The firm aims to acquire existing retail assets, whether on or off market, and over a 5–7-year hold period, improve tenant quality and occupancy, roll below market rents to market, and enhance value through strategic capital improvements and institutional management.
MAPLEWOOD PLAZA – THE DETAILS
Legacy Retail Partners has recently identified a potential acquisition target: Maplewood Plaza, a 2009-built, 20,000-square-foot retail center located in an established suburban market of Chicago, IL. The submarket boasts strong population, income, and job growth and has a relatively low 4.1% neighborhood retail vacancy rate. The property has averaged 93.4% occupancy over the past 15 years.
Despite the strong supply and demand dynamics, two tenants recently vacated, leaving the center currently 70% occupied with a mix of local and national tenants. The current out-of-state private owner has struggled with management inefficiencies and lacks the capital needed for necessary capital expenditures and leasing costs, resulting in below-market occupancy and rents.
Attachments:
- Maplewood Plaza – Economics (Excel file).
General Assumptions:
- 60-month hold period (61 periods including month 0).

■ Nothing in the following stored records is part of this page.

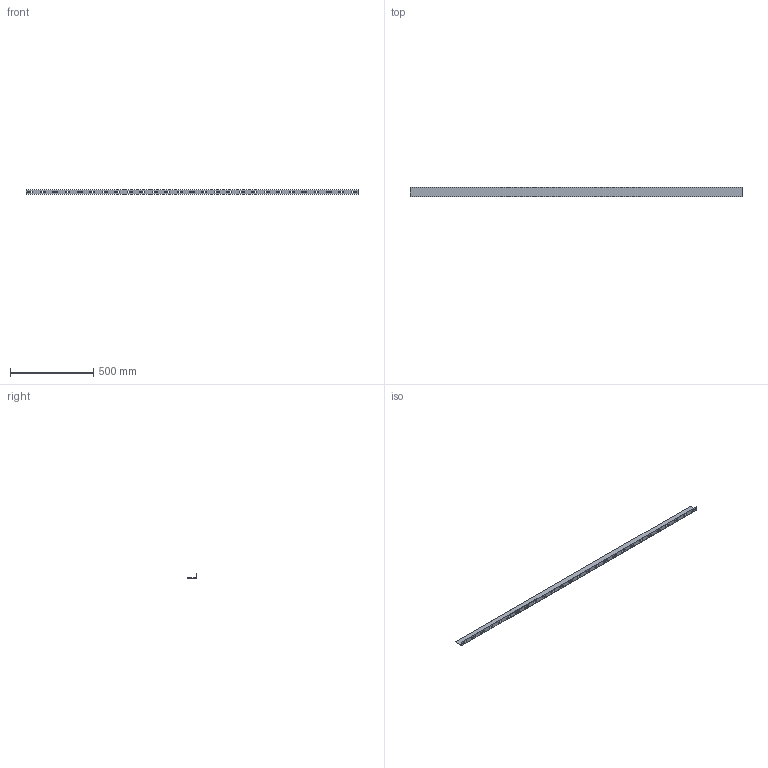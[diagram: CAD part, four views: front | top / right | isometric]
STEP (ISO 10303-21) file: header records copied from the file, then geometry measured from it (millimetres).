
FILE_DESCRIPTION (( 'STEP AP203' ), '1' );
FILE_NAME ('CLP1F-060-1 Ðàçäåëèòåëüíàÿ ïåðåãîðîäêà h60 ìì..STEP', '2016-03-03T06:37:06', ( '' ), ( '' ), 'SwSTEP 2.0', 'SolidWorks 2014', '' );
FILE_SCHEMA (( 'CONFIG_CONTROL_DESIGN' ));
Length unit declared in the file: millimetre
Products named in the file (1): CLP1F-060-1 Ðàçäåëèòåëüíàÿ ïåðåãîðîäêà h60 ìì.
Bounding box: 2000 x 55 x 25 mm (x, y, z)
Volume: 122411.3 mm3; surface area: 310823.2 mm2
Topology: 1 solids, 1 shells, 118 faces, 348 edges, 232 vertices
Faces by surface type: plane 64, cylinder 54
Entity records: 4145 total; most frequent: CARTESIAN_POINT 699, ORIENTED_EDGE 696, DIRECTION 694, EDGE_CURVE 348, LINE 240, VECTOR 240, VERTEX_POINT 232, AXIS2_PLACEMENT_3D 227

- Analysis start (Month 0): 12/31/2024.
- Use monthly periods, with periods ending on the last day of each month.
Acquisition Assumptions:
- Asking Price: $6,050,000.
- Due Diligence and Legal Cost: $40,000.
- Closing Cost: $25,000.
- Deferred Maintenance: $250,000 spent straight-line in months 1 – 4.
Operating Assumptions:
- All tenants roll to market at lease expiration.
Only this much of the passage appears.